Repeat, exactly as written, all of the entries, but not their pictures.
*** Opening Entries provided ***
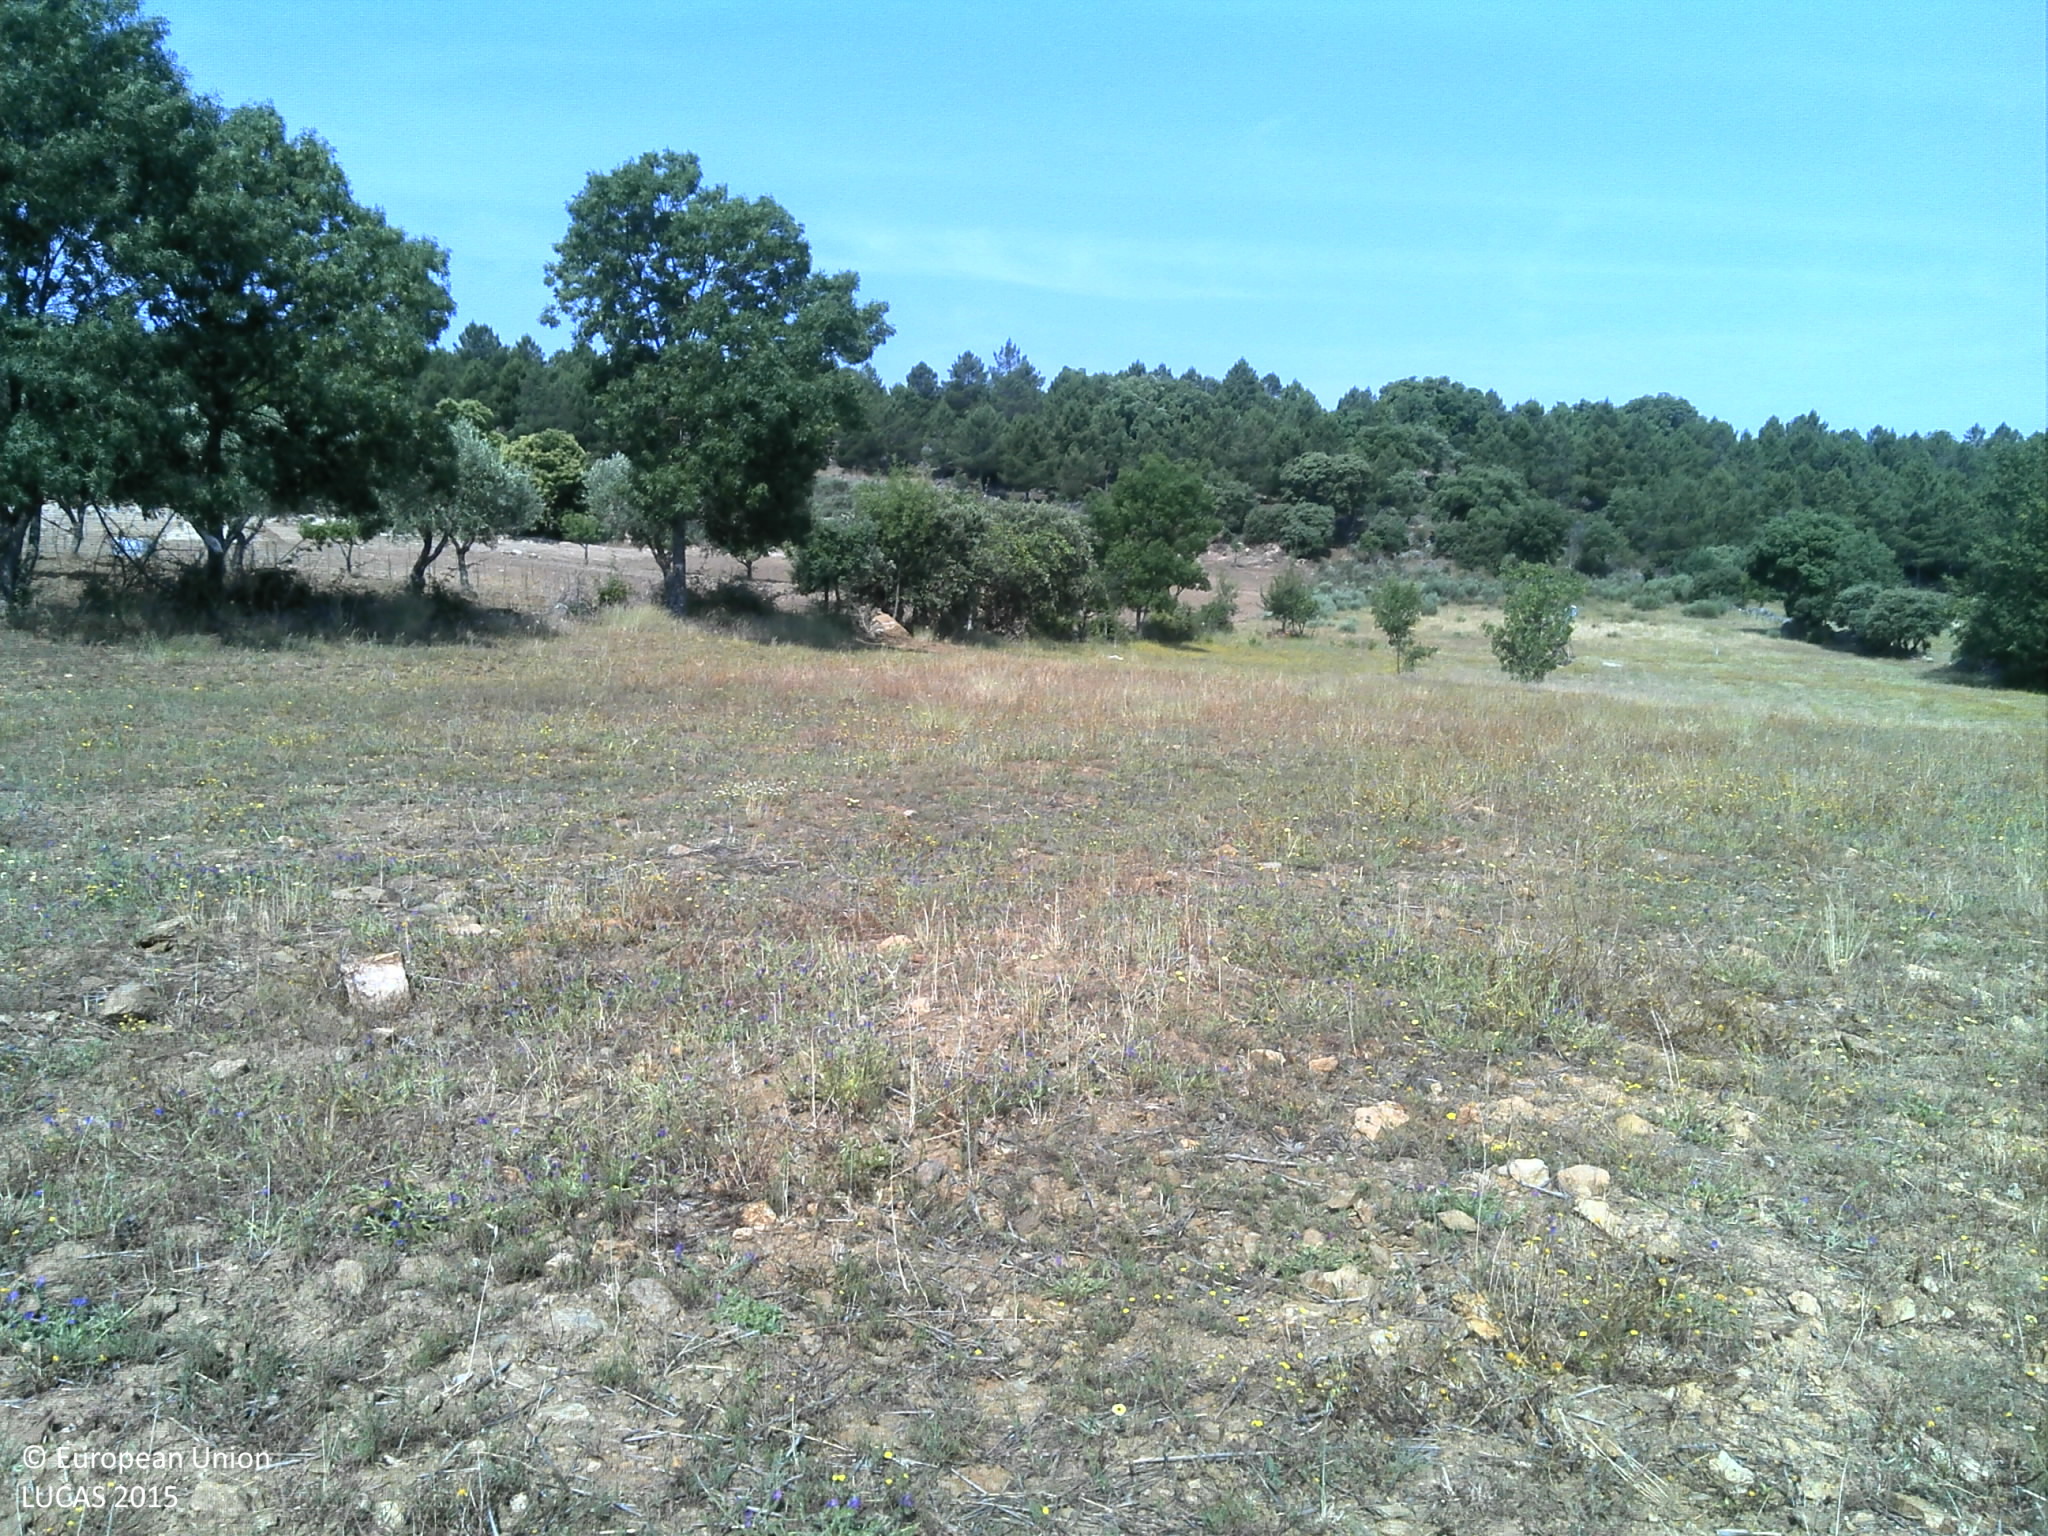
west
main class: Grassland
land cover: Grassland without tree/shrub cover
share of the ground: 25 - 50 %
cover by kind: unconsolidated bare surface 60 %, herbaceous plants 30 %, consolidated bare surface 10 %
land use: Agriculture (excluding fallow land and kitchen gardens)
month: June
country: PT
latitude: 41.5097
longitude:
*** Closing Entries provided ***
Answer for the task —
west
main class: Grassland
land cover: Grassland without tree/shrub cover
share of the ground: 25 - 50 %
cover by kind: unconsolidated bare surface 60 %, herbaceous plants 30 %, consolidated bare surface 10 %
land use: Agriculture (excluding fallow land and kitchen gardens)
month: June
country: PT
latitude: 41.5097
longitude:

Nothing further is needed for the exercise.